Monday, Aug. 16, 1948

Travels with a Donkey

WESTWARD HA! (159 pp.)--S. J. Perelman & Albert Hirschfeld--Simon & Schuster ($2.95).

Perelman was just leaving a little specialty shop in the Forties (he had been buying "a black girdle with rose panels and a bias-cup brassiere" for his mother) when he ran slap into Cartoonist Al Hirschfeld--a man whose "cunning ferret eyes" share pride of place with a beard as frothy as "a zabaglione." The pair of them were eventually put under contract to make a trip round the world for Holiday magazine, and the result, excellently illustrated by Artist Hirschfeld, is one of the funniest books that Perelman has written. Subtitled "Around the World in 80 Cliches," Westward Ha! is both a juicy parody of the average globe-trotter prose and a ferret's-eye view of the international scene in 1947.

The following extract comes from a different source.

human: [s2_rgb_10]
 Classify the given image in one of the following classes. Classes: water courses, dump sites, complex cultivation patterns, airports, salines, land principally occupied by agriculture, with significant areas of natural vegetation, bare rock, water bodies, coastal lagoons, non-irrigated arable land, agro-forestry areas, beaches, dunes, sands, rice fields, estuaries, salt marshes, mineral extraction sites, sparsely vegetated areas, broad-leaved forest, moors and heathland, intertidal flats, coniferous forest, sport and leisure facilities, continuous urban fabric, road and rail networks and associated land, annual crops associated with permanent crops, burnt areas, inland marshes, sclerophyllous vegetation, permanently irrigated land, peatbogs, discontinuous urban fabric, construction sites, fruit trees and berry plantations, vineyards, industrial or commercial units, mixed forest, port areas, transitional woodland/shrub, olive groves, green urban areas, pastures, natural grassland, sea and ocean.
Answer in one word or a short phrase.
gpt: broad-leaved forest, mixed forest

"All Aboard. Numbed by "the dull ache of parting with my creditors," Traveler Perelman took off from New York carrying a machete, cummerbunds, maps, and "an apparatus for distilling seawater." First stop was a world-famous shrine in Camden, N.J. named Joe's Coffee Pot, where the plane was grounded. Second stop was Hollywood, where Traveler Perelman had scrimped a living in the '30s. " 'I'd rather be embalmed here than any place I know,' [Hirschfeld] said slowly. He turned up the collar of his trench coat and lit a cigarette, and in the flare of the match I saw that his tiny pig eyes were bright with tears."

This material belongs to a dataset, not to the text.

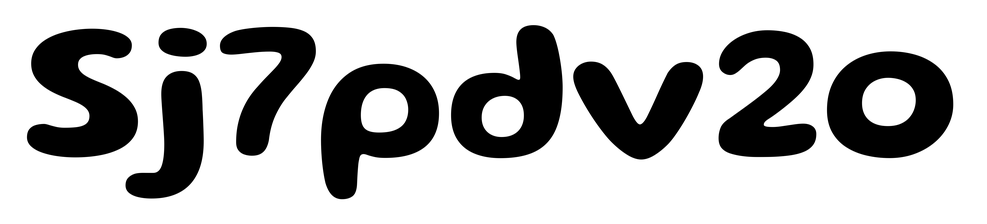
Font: Gluten_SemiBold
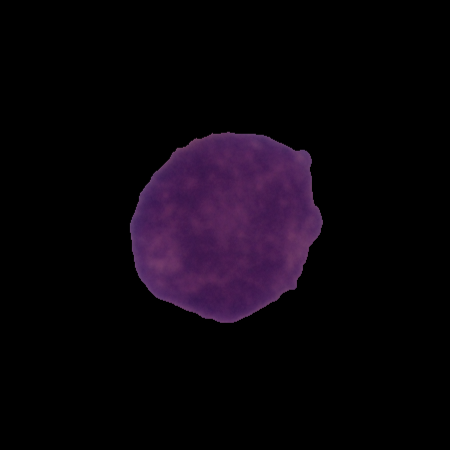
Label: cancer

Next stop was the Chinese port of Chinwangtao, where the Marine Flier paused to unload 2,500 tons of girdles ("the engine-room bell was clanging . . . he may have said girders"). "Every sort of object imaginable was being offered by street hawkers . . . noodles, poodles . . . leeches, breeches, peaches . . . roots, boots, flutes, coats, shoats, stoats." Perelman tossed the children "a few worn gold pieces which were of no further use to me," and then he and Hirschfeld took a brief ride in rickshas:

"I experienced what I am told is the customary sense of embarrassment at having a fellow-creature act as one's beast of burden, but mine was such a wiry specimen, weighing as he did well over 80 Ibs. and amazingly fleet for a man of 60 with tuberculosis, that I quickly overcame my compunctions."

And So We Say Farewell. The travelers moved on via gay Shanghai (where, after celebrating, Perelman next day could swallow nothing but "a little clear broth made of Angostura, lemon peel, and bourbon"), the Malay States, and Ceylon. "The last we saw of India . . . was a wizened beggar signaling us frantically for baksheesh. When none was forthcoming, he threw aside his servile manner and, bounding beside our porthole, dynamically thumbed his nose at us until we outdistanced him. It was a touching, and somehow an apt, symbol of the amity between our two great nations."